16. This court notes that it is very important to ensure that the aims of the convention are not thwarted by the respondent who fails to comply with undertakings she has given in this case in particular in relation to the hearing of the child and in relation to her undertaking to attend at court for the hearing of this case.

17. The respondent was given an opportunity to give evidence and respond in person to the case set out by counsel for the applicant. She did not deny that the child was habitually resident in the jurisdiction of England and Wales. She did not deny that she was aware of the proceedings in the English courts. She alleged that the applicant herein is not the natural father of the child the subject matter of these proceedings. There were extensive allegations about the behaviour of a particular social worker attached to the London Borough of Havering and present in court for the hearing of this case. The respondent also indicated that she has a support network in Ireland and that she would prefer to remain with her children in Ireland as she feels that would be in their best interests. These are issues for the courts of England and Wales who have jurisdiction regarding the welfare of this child by virtue of her habitual residence there.

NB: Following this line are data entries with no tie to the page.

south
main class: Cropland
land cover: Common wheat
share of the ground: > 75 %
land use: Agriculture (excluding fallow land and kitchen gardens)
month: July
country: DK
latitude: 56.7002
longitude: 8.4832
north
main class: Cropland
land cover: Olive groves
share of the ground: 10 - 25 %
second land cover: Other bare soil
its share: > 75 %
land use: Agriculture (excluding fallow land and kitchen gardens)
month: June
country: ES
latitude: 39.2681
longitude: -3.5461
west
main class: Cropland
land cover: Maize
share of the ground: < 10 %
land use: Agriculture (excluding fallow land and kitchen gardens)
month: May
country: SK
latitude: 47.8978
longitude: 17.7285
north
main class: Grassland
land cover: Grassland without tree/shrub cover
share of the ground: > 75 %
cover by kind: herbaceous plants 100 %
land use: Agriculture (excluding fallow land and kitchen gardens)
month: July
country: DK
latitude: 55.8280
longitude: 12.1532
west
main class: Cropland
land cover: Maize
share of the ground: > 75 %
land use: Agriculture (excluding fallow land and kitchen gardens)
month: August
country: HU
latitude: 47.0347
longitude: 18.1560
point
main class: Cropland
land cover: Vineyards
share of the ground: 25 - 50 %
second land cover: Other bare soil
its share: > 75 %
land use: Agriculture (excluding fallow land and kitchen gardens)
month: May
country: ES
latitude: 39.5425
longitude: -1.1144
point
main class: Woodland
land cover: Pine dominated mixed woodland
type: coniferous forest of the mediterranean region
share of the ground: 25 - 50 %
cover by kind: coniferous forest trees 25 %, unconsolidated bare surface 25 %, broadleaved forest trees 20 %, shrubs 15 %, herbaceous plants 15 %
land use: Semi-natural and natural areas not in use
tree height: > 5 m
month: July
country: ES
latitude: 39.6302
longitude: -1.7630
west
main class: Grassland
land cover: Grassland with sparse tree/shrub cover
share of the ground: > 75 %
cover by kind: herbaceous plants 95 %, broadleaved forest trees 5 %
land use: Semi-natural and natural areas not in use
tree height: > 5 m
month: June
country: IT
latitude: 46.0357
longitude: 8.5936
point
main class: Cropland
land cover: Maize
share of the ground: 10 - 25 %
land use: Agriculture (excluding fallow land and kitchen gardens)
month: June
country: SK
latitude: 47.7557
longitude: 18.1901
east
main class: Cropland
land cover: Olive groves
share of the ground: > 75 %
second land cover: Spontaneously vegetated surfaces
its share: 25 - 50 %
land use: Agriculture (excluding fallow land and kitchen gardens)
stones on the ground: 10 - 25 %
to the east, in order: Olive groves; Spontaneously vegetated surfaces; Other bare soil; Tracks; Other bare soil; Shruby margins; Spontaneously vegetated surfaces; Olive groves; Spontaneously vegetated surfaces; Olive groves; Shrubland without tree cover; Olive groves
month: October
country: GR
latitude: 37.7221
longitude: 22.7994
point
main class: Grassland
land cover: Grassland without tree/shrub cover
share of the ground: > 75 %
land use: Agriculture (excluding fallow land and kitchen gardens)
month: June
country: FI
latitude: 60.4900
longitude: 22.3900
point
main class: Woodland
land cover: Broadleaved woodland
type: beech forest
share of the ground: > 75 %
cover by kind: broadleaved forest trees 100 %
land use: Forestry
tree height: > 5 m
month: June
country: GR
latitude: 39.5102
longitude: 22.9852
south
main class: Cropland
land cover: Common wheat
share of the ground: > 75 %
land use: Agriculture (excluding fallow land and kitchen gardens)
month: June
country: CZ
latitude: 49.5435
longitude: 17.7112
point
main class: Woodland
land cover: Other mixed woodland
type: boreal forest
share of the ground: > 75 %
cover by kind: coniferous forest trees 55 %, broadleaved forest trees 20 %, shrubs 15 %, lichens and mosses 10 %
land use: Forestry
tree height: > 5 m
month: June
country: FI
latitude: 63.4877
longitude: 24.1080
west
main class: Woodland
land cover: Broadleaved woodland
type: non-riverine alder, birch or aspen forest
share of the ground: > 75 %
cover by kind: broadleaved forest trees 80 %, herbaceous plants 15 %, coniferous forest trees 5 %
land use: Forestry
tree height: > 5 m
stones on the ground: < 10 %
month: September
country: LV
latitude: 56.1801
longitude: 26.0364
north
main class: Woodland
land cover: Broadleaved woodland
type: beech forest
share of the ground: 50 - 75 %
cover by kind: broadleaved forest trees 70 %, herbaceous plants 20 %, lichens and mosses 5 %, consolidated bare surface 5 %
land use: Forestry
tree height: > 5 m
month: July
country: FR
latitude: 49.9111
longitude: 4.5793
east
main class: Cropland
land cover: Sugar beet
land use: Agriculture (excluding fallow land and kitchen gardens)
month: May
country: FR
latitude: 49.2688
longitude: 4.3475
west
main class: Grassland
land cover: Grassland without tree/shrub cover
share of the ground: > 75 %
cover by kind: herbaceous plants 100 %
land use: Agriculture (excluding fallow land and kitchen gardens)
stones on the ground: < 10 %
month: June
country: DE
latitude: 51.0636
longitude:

18. It is the view of this Court that the child the subject matter of these proceedings was and continues to be habitually resident in the jurisdiction of England and Wales. She was born there and there is unchallenged evidence of the involvement of social welfare services in London throughout the child’s life. This Court is satisfied that the applicant has rights of custody under the English legislation and that he has been exercising them up until the point that he was interrupted from doing so by the respondent. This Court hereby declares that the child was wrongfully removed from the jurisdiction of England and Wales. This Court is not satisfied that any defence has been raised. Therefore, this Court orders the return of the child the subject of these proceedings to the jurisdiction of England and Wales along with such other orders as may facilitate such a return.